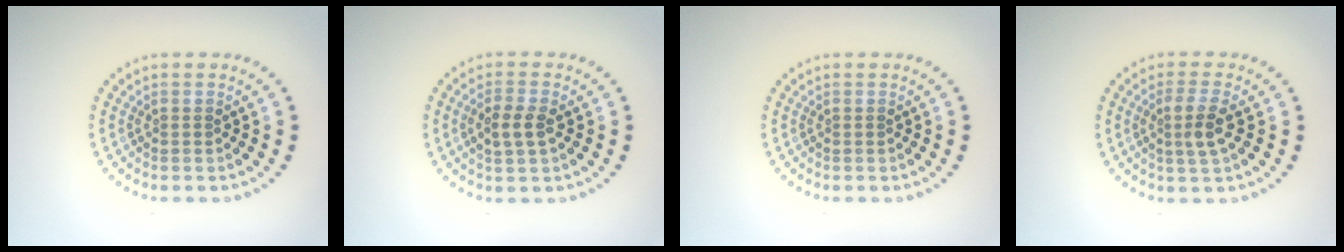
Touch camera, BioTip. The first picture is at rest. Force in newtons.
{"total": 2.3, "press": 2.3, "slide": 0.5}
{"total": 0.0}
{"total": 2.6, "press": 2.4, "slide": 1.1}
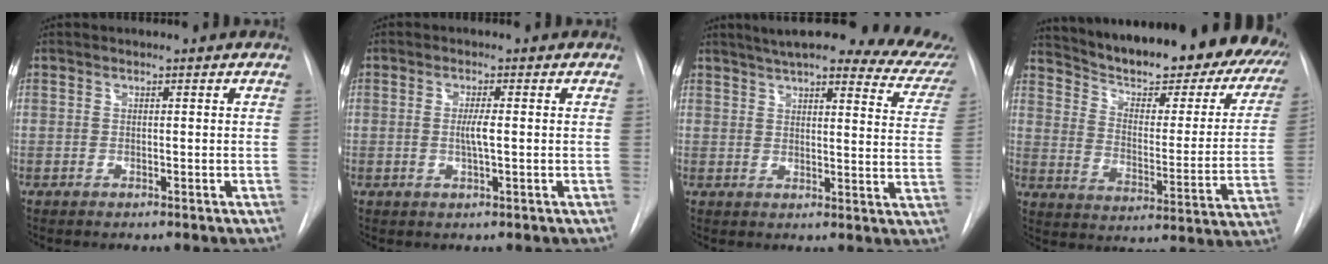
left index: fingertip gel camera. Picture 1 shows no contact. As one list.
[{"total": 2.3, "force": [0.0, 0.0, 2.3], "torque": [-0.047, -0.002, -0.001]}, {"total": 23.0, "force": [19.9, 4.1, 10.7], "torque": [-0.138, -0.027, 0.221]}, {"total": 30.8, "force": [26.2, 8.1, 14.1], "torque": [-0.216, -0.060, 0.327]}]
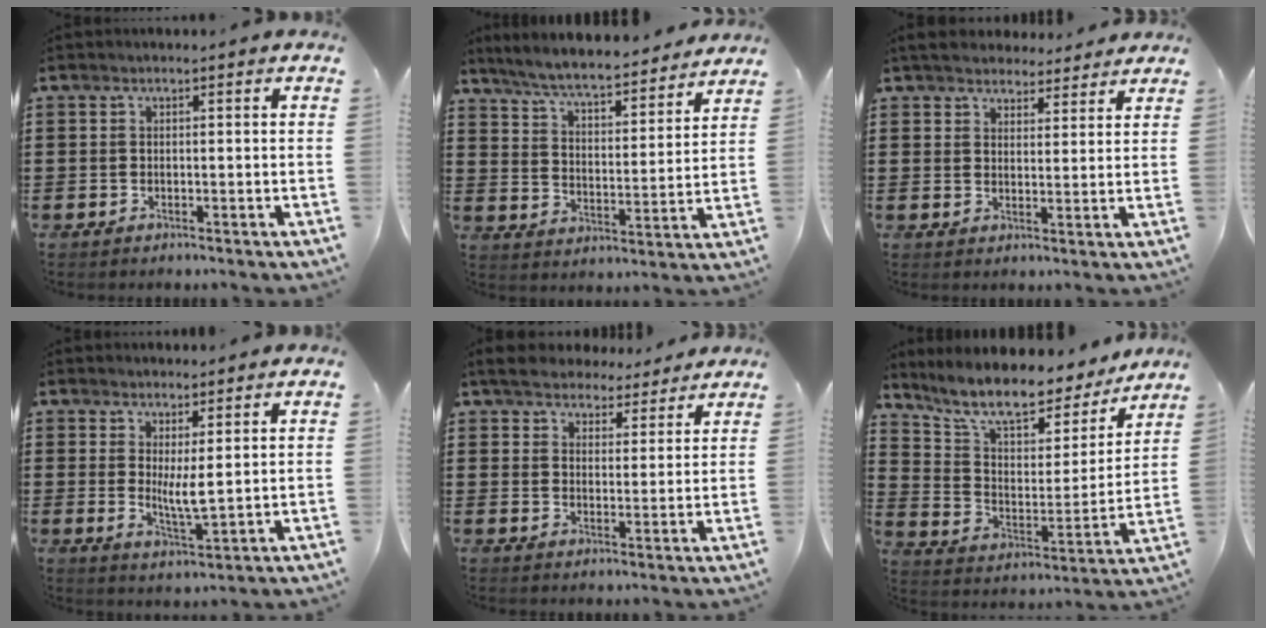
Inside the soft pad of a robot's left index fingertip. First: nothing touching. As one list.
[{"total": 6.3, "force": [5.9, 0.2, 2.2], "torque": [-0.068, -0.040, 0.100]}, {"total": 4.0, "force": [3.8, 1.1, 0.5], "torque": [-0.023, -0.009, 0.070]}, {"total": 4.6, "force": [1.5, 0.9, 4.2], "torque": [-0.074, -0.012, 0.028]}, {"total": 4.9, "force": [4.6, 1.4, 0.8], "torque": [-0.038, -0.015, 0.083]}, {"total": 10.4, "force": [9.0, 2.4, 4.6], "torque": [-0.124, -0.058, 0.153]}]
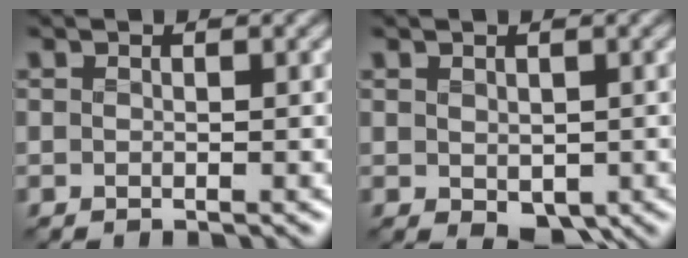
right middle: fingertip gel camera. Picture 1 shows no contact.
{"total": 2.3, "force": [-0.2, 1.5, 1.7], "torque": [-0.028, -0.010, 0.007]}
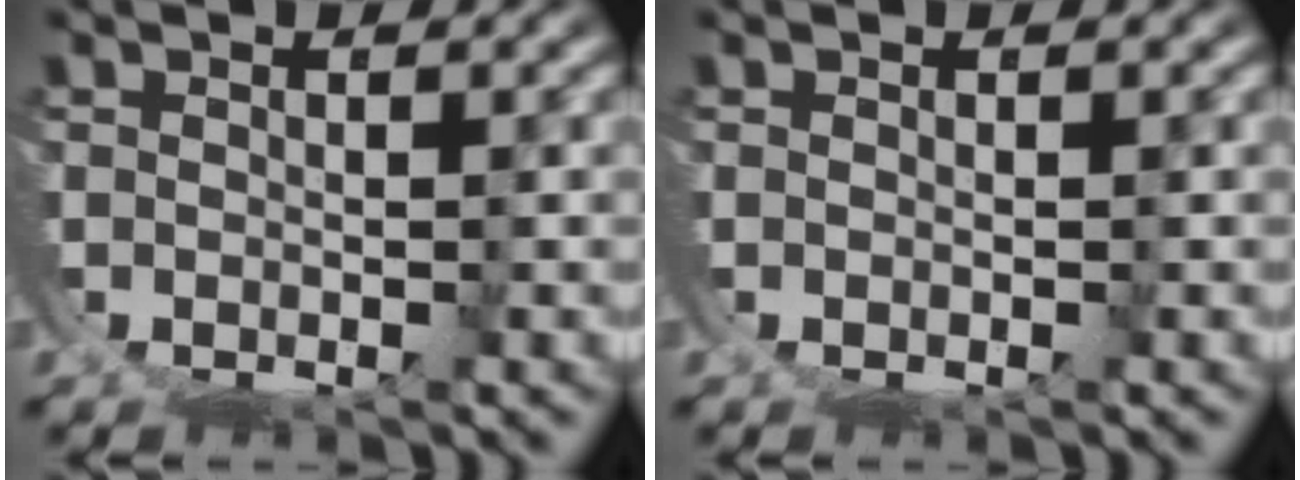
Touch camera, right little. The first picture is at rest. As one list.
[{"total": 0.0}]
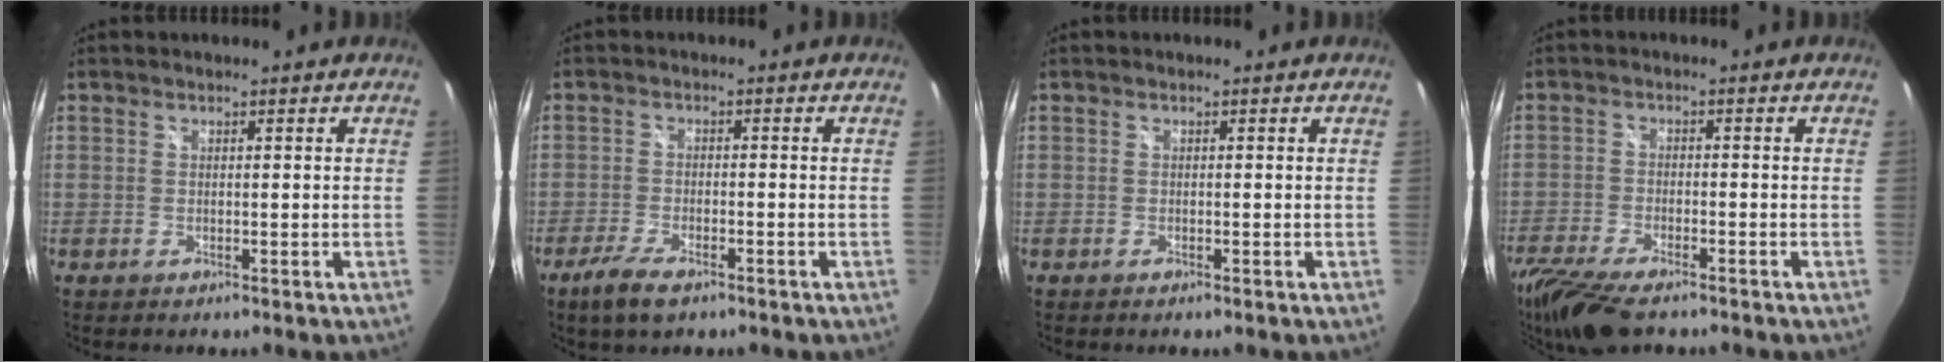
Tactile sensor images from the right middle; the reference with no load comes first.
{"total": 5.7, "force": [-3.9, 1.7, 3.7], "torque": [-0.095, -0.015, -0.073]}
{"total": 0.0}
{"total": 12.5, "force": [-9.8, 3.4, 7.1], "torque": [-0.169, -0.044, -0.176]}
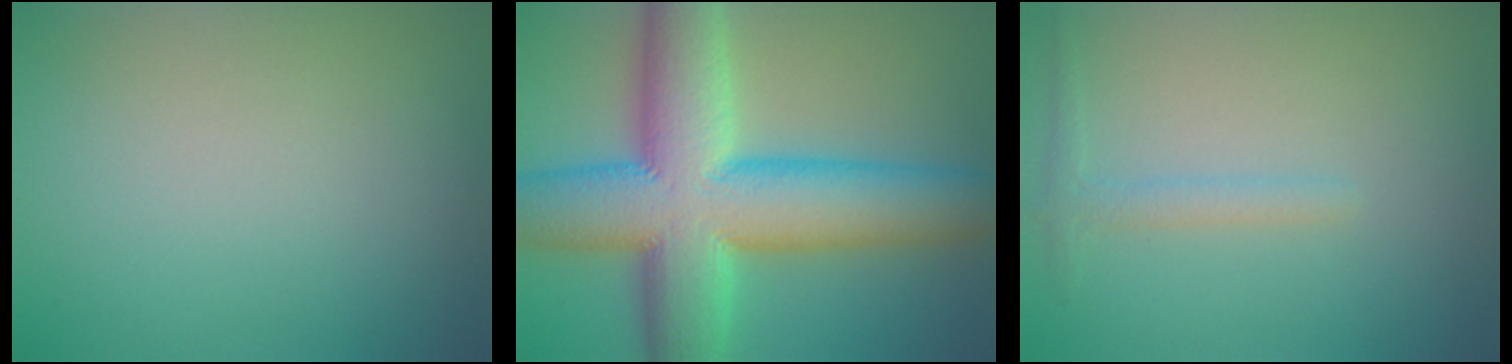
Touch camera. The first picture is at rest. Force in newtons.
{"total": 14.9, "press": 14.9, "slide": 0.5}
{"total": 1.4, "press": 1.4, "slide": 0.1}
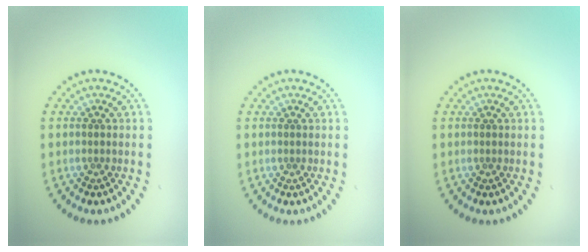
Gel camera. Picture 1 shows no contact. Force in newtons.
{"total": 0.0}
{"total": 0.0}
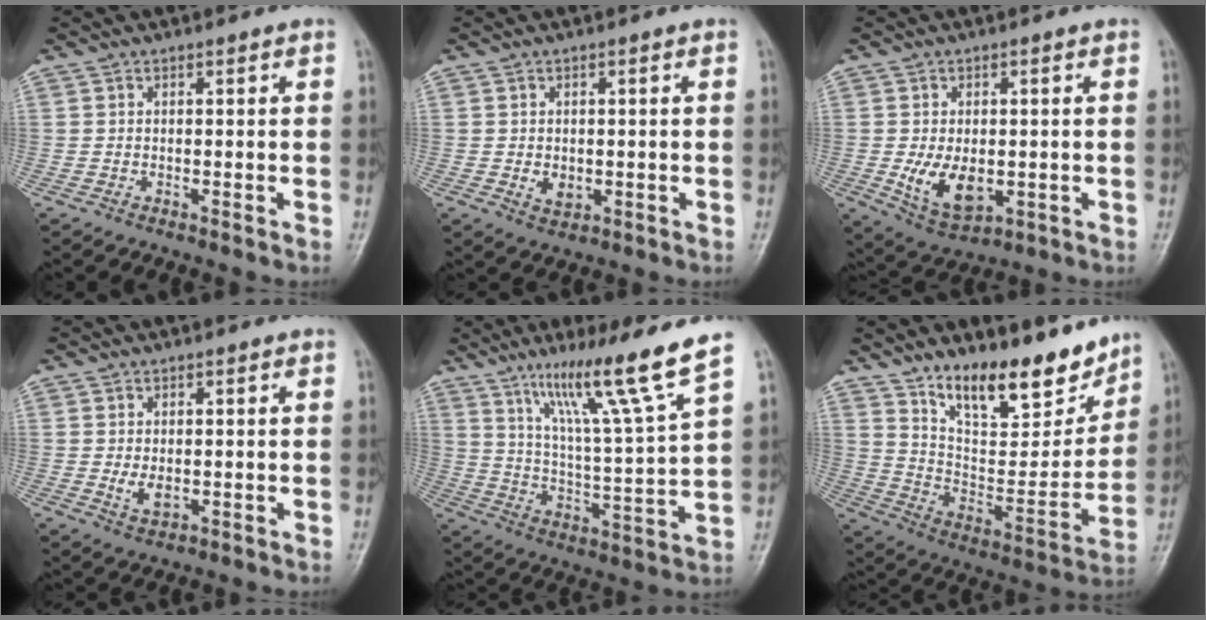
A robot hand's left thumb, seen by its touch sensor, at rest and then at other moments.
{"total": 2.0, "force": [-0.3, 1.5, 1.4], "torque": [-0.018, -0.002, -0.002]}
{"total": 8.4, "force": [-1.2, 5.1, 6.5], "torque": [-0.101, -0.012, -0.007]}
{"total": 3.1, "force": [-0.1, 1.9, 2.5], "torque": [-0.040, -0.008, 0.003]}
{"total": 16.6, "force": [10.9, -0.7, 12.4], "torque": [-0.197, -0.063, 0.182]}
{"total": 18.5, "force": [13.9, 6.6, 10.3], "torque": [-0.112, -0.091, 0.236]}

-*-*-

TASK PROMPT:
The response should be the lines from the one containing "A robot hand's" through the last line of the data, set down exactly and with no other line.

OUTPUT OF THE TASK:
A robot hand's left thumb, seen by its touch sensor, at rest and then at other moments.
{"total": 2.0, "force": [-0.3, 1.5, 1.4], "torque": [-0.018, -0.002, -0.002]}
{"total": 8.4, "force": [-1.2, 5.1, 6.5], "torque": [-0.101, -0.012, -0.007]}
{"total": 3.1, "force": [-0.1, 1.9, 2.5], "torque": [-0.040, -0.008, 0.003]}
{"total": 16.6, "force": [10.9, -0.7, 12.4], "torque": [-0.197, -0.063, 0.182]}
{"total": 18.5, "force": [13.9, 6.6, 10.3], "torque": [-0.112, -0.091, 0.236]}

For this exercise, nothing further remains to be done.